28 January 2022

the next decision

i'm still trying to write poems these days, even if not as often, but they end up being tiny paragraphs with names like "when to resign." i don't mean "resign" like "give up entirely" but more in the sense of acceptance. where's that line for a person with advanced cancer, the one between believing with all your heart that a major change for the good can still come about, and accepting that, given what's going on in your body, a major change like that is not likely realistic. 

how do you balance hope with reality? i've been asking that since the beginning of this mess, and maybe the answer evolves as time goes on. or maybe there's always been only one answer: the best you can. 

there are all sorts of clinical trials and research happening all the time, and it's not completely weird to hope for something life-changing. i used to think, i just have to stay alive until the next advancement in my disease. this is true, but actual advancements take time. and you don't know how what shape your physical body will be in by the time the next thing arrives. 

all that being said ---- i spoke with my oncologist yesterday about next steps. as i suspected, the recommendation (i.e. best bet) is for me to receive a weekly, standard-of-treatment chemo drug (taxol). i had taxol back in 2019 when i was first diagnosed, in combo with a platinum drug (carboplatin), that combo being the big guns/gold standard for ovarian cancer patients going on decades now. 

getting taxol weekly (3 weeks on, 1 week off) behaves differently in the body than getting it in big doses like before. i will lose my hair more slowly, among other things (!), but by and large, i have heard it is not too hard to tolerate. and i've had it before, so it's not absolutely terrifying (just mildly so haha). 

BUT WILL IT WORK? well, who can say? there's a good chance that yes it will. i'm refusing to entertain any other possibility today. 

in terms of other options, there is a (you guessed it) clinical trial that combines said weekly taxol with a drug called AVB-500,  a "GAS6/AXL inhibitor." its methodology is still not entirely clear to me, but i think basically it targets specific molecules involved in the growth of cancer cells ( sometimes called molecular targeted therapy, or small molecule cancer therapy). 

this is a "phase 3" trial (the last one i was one was classified as "phase 1") which means the drug has been through more testing, and the results are positive enough that it's fairly close to receiving FDA-approval as drug that all OC patients will receive benefit from. in phase 1 trials, the drugs are newer, and still being tested in terms of safety in humans.  

it's also a blind trial, which means i might get taxol plus AVB-500, or i might get taxol plus a placebo. either way i get the weekly drug my doc wants me to take, so there's no humungous loss if i end up getting the placebo in combination. 

so why not just do the trial then, right? well, here's the thing. getting sorted for a trial can take a few weeks or more, given all the paperwork and pre-trial test requirements (scans, biopsies sometimes, mri, etc. whatever the trial requires). which normally for me is no big deal. BUT.  since the last drug stopped working (around Thanksgiving of last year), my cancer has been growing, and i'm starting to feel some symptoms. 

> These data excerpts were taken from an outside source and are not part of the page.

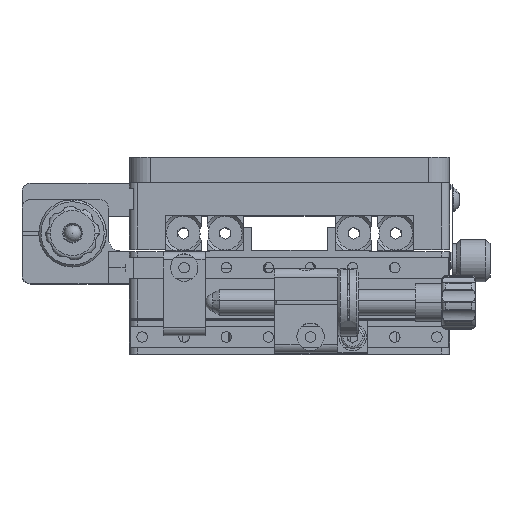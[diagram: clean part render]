
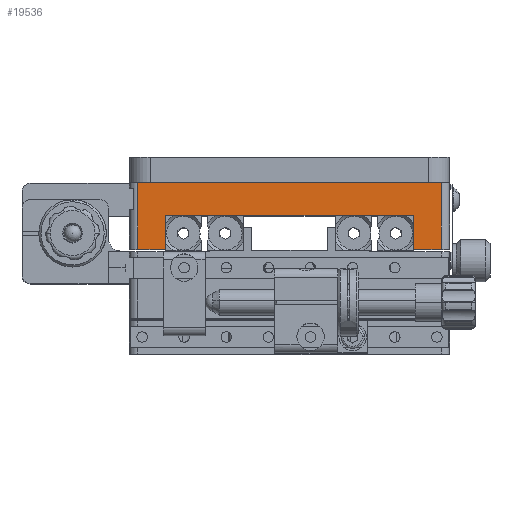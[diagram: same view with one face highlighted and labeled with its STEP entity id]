
A CAD part, top view. The second image highlights one B-rep face of the part: STEP entity #19536.
In plain terms, the highlighted planar face has unit normal (0, 0, 1).
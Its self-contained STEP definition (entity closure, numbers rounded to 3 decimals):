
#113 = DIRECTION ( 'NONE',  ( 0., 1., 0. ) ) ;
#1028 = LINE ( 'NONE', #6677, #29562 ) ;
#1129 = EDGE_CURVE ( 'NONE', #33788, #49567, #13352, .T. ) ;
#1358 = ORIENTED_EDGE ( 'NONE', *, *, #1129, .T. ) ;
#1808 = VECTOR ( 'NONE', #39799, 1000. ) ;
#2488 = CARTESIAN_POINT ( 'NONE',  ( 38.591, 12.921, 141.15 ) ) ;
#2613 = EDGE_CURVE ( 'NONE', #17052, #47621, #4058, .T. ) ;
#2626 = DIRECTION ( 'NONE',  ( -1., 0., 0. ) ) ;
#3026 = VECTOR ( 'NONE', #39045, 1000. ) ;
#3604 = EDGE_CURVE ( 'NONE', #20779, #17052, #34867, .T. ) ;
#3663 = AXIS2_PLACEMENT_3D ( 'NONE', #40804, #17617, #44714 ) ;
#3996 = CARTESIAN_POINT ( 'NONE',  ( 38.591, 12.821, 141.15 ) ) ;
#4058 = LINE ( 'NONE', #17818, #44073 ) ;
#4628 = CARTESIAN_POINT ( 'NONE',  ( -4.409, 12.821, 141.15 ) ) ;
#6677 = CARTESIAN_POINT ( 'NONE',  ( -4.409, 12.921, 141.15 ) ) ;
#7403 = CARTESIAN_POINT ( 'NONE',  ( -20.909, 20.721, 141.15 ) ) ;
#7878 = ORIENTED_EDGE ( 'NONE', *, *, #14995, .F. ) ;
#8262 = VECTOR ( 'NONE', #35651, 1000. ) ;
#8901 = CARTESIAN_POINT ( 'NONE',  ( 46.591, 12.821, 141.15 ) ) ;
#9834 = CARTESIAN_POINT ( 'NONE',  ( 53.091, 14.321, 141.15 ) ) ;
#10213 = ORIENTED_EDGE ( 'NONE', *, *, #26150, .F. ) ;
#10480 = LINE ( 'NONE', #29791, #20805 ) ;
#11458 = CARTESIAN_POINT ( 'NONE',  ( -18.909, 4.921, 141.15 ) ) ;
#11797 = VECTOR ( 'NONE', #113, 1000. ) ;
#11855 = CARTESIAN_POINT ( 'NONE',  ( 46.591, 4.921, 141.15 ) ) ;
#12105 = LINE ( 'NONE', #16614, #1808 ) ;
#13352 = LINE ( 'NONE', #15865, #3026 ) ;
#14090 = EDGE_CURVE ( 'NONE', #20779, #39748, #49701, .T. ) ;
#14995 = EDGE_CURVE ( 'NONE', #39284, #49567, #10480, .T. ) ;
#15865 = CARTESIAN_POINT ( 'NONE',  ( -18.909, 14.321, 141.15 ) ) ;
#16171 = VERTEX_POINT ( 'NONE', #35601 ) ;
#16614 = CARTESIAN_POINT ( 'NONE',  ( -12.409, 4.921, 141.15 ) ) ;
#16758 = LINE ( 'NONE', #7403, #46471 ) ;
#17052 = VERTEX_POINT ( 'NONE', #39172 ) ;
#17617 = DIRECTION ( 'NONE',  ( 0., 0., -1. ) ) ;
#17806 = CARTESIAN_POINT ( 'NONE',  ( -12.409, 12.821, 141.15 ) ) ;
#17818 = CARTESIAN_POINT ( 'NONE',  ( 46.591, 4.921, 141.15 ) ) ;
#18257 = EDGE_CURVE ( 'NONE', #39407, #35300, #49449, .T. ) ;
#19536 = ADVANCED_FACE ( 'NONE', ( #36460 ), #48429, .F. ) ;
#19702 = DIRECTION ( 'NONE',  ( -1., 0., 0. ) ) ;
#20287 = ORIENTED_EDGE ( 'NONE', *, *, #36921, .F. ) ;
#20627 = CARTESIAN_POINT ( 'NONE',  ( -18.909, 20.721, 141.15 ) ) ;
#20659 = VECTOR ( 'NONE', #47477, 1000. ) ;
#20779 = VERTEX_POINT ( 'NONE', #42507 ) ;
#20805 = VECTOR ( 'NONE', #2626, 1000. ) ;
#21370 = DIRECTION ( 'NONE',  ( 0., 1., 0. ) ) ;
#21374 = ORIENTED_EDGE ( 'NONE', *, *, #14090, .T. ) ;
#21836 = LINE ( 'NONE', #40018, #20659 ) ;
#22061 = CARTESIAN_POINT ( 'NONE',  ( 53.091, 20.721, 141.15 ) ) ;
#22099 = LINE ( 'NONE', #3996, #11797 ) ;
#23047 = ORIENTED_EDGE ( 'NONE', *, *, #24271, .F. ) ;
#24271 = EDGE_CURVE ( 'NONE', #36118, #39284, #12105, .T. ) ;
#26150 = EDGE_CURVE ( 'NONE', #16171, #28530, #22099, .T. ) ;
#26753 = DIRECTION ( 'NONE',  ( 1., 0., 0. ) ) ;
#27194 = EDGE_CURVE ( 'NONE', #33788, #39748, #16758, .T. ) ;
#28182 = CARTESIAN_POINT ( 'NONE',  ( -12.409, 12.821, 141.15 ) ) ;
#28438 = EDGE_LOOP ( 'NONE', ( #28502, #21374, #48842, #1358, #7878, #23047, #20287, #38096, #41667, #10213, #41488, #44399 ) ) ;
#28502 = ORIENTED_EDGE ( 'NONE', *, *, #3604, .F. ) ;
#28530 = VERTEX_POINT ( 'NONE', #2488 ) ;
#29116 = VECTOR ( 'NONE', #21370, 1000. ) ;
#29562 = VECTOR ( 'NONE', #41565, 1000. ) ;
#29791 = CARTESIAN_POINT ( 'NONE',  ( -20.909, 4.921, 141.15 ) ) ;
#30628 = CARTESIAN_POINT ( 'NONE',  ( -12.409, 4.921, 141.15 ) ) ;
#31294 = CARTESIAN_POINT ( 'NONE',  ( -4.409, 12.921, 141.15 ) ) ;
#33788 = VERTEX_POINT ( 'NONE', #20627 ) ;
#34867 = LINE ( 'NONE', #11855, #43885 ) ;
#35300 = VERTEX_POINT ( 'NONE', #41734 ) ;
#35601 = CARTESIAN_POINT ( 'NONE',  ( 38.591, 12.821, 141.15 ) ) ;
#35651 = DIRECTION ( 'NONE',  ( -1., 0., 0. ) ) ;
#35685 = DIRECTION ( 'NONE',  ( 0., -1., 0. ) ) ;
#36118 = VERTEX_POINT ( 'NONE', #17806 ) ;
#36460 = FACE_OUTER_BOUND ( 'NONE', #28438, .T. ) ;
#36921 = EDGE_CURVE ( 'NONE', #35300, #36118, #37987, .T. ) ;
#37987 = LINE ( 'NONE', #28182, #8262 ) ;
#38096 = ORIENTED_EDGE ( 'NONE', *, *, #18257, .F. ) ;
#39045 = DIRECTION ( 'NONE',  ( 0., -1., 0. ) ) ;
#39172 = CARTESIAN_POINT ( 'NONE',  ( 46.591, 4.921, 141.15 ) ) ;
#39284 = VERTEX_POINT ( 'NONE', #30628 ) ;
#39407 = VERTEX_POINT ( 'NONE', #31294 ) ;
#39748 = VERTEX_POINT ( 'NONE', #22061 ) ;
#39799 = DIRECTION ( 'NONE',  ( 0., -1., 0. ) ) ;
#40018 = CARTESIAN_POINT ( 'NONE',  ( 46.591, 12.821, 141.15 ) ) ;
#40351 = VECTOR ( 'NONE', #35685, 1000. ) ;
#40804 = CARTESIAN_POINT ( 'NONE',  ( -20.909, 14.321, 141.15 ) ) ;
#41488 = ORIENTED_EDGE ( 'NONE', *, *, #45536, .F. ) ;
#41565 = DIRECTION ( 'NONE',  ( -1., 0., 0. ) ) ;
#41667 = ORIENTED_EDGE ( 'NONE', *, *, #42516, .F. ) ;
#41734 = CARTESIAN_POINT ( 'NONE',  ( -4.409, 12.821, 141.15 ) ) ;
#42507 = CARTESIAN_POINT ( 'NONE',  ( 53.091, 4.921, 141.15 ) ) ;
#42516 = EDGE_CURVE ( 'NONE', #28530, #39407, #1028, .T. ) ;
#43885 = VECTOR ( 'NONE', #19702, 1000. ) ;
#44073 = VECTOR ( 'NONE', #48796, 1000. ) ;
#44399 = ORIENTED_EDGE ( 'NONE', *, *, #2613, .F. ) ;
#44714 = DIRECTION ( 'NONE',  ( 1., 0., 0. ) ) ;
#45536 = EDGE_CURVE ( 'NONE', #47621, #16171, #21836, .T. ) ;
#46471 = VECTOR ( 'NONE', #26753, 1000. ) ;
#47477 = DIRECTION ( 'NONE',  ( -1., 0., 0. ) ) ;
#47621 = VERTEX_POINT ( 'NONE', #8901 ) ;
#48429 = PLANE ( 'NONE',  #3663 ) ;
#48796 = DIRECTION ( 'NONE',  ( 0., 1., 0. ) ) ;
#48842 = ORIENTED_EDGE ( 'NONE', *, *, #27194, .F. ) ;
#49449 = LINE ( 'NONE', #4628, #40351 ) ;
#49567 = VERTEX_POINT ( 'NONE', #11458 ) ;
#49701 = LINE ( 'NONE', #9834, #29116 ) ;

nothing huge, but because of the cancer's location near my bowel (sorry if that's cringey to mention but it's just the truth and my cringe-meter has evolved a lot in 3 years!), i'm having some pain in that area, some cramps and related unpleasantness. it really just started to be noticeable last week and it's not debilitating, i'm not even taking tylenol for it at this point, but i don't know how it will progress in a month's time.

if i choose not to do the trial, and return for treatment to my Boston hospital's cozy suburban branch, i can will be able to start the getting the drug next week. so now i'm weighing the part of me that wants to get treatment like NOW against the part of me that still hopes for the possibility of something more and possibly life-changing, that is very pro-clinical-trial, go science! etc. 

trials by and large are more rigid in structure, meaning there's little room for say, adjusting the dosage of something, or adding another drug later down the line, etc. there are more hospital visits and check-ins, blood draws and other testing. oh and the possibility of potential new side effects because it's just something new in my body. 

so i'm sitting here today trying to predict the unpredictable with my body, wondering if it can wait a few more weeks or a month or whatever, or if it should just get the treatment started next week and get on with it... no big deal, just one of those hugely serious life-altering decisions cancer patients are faced with all the time! i joke, haha, but i'm always aware of how fortunate i am to still have decisions to make. 

15 January 2022

Wolf month

 Last week at this time, I noticed some sniffles. I took a home test and discovered I was positive for COVID. It never amounted to anything more than some mild congestion and a dry cough, and one week later, I'm without symptoms. So that part is good. 

Last Thursday, I received the results from my latest CT scan, and this part was not good. Tumor growth. A determination by the trial doctor that the one resulting drug I was taking was not effective, and so, this was the end of the trial for me. 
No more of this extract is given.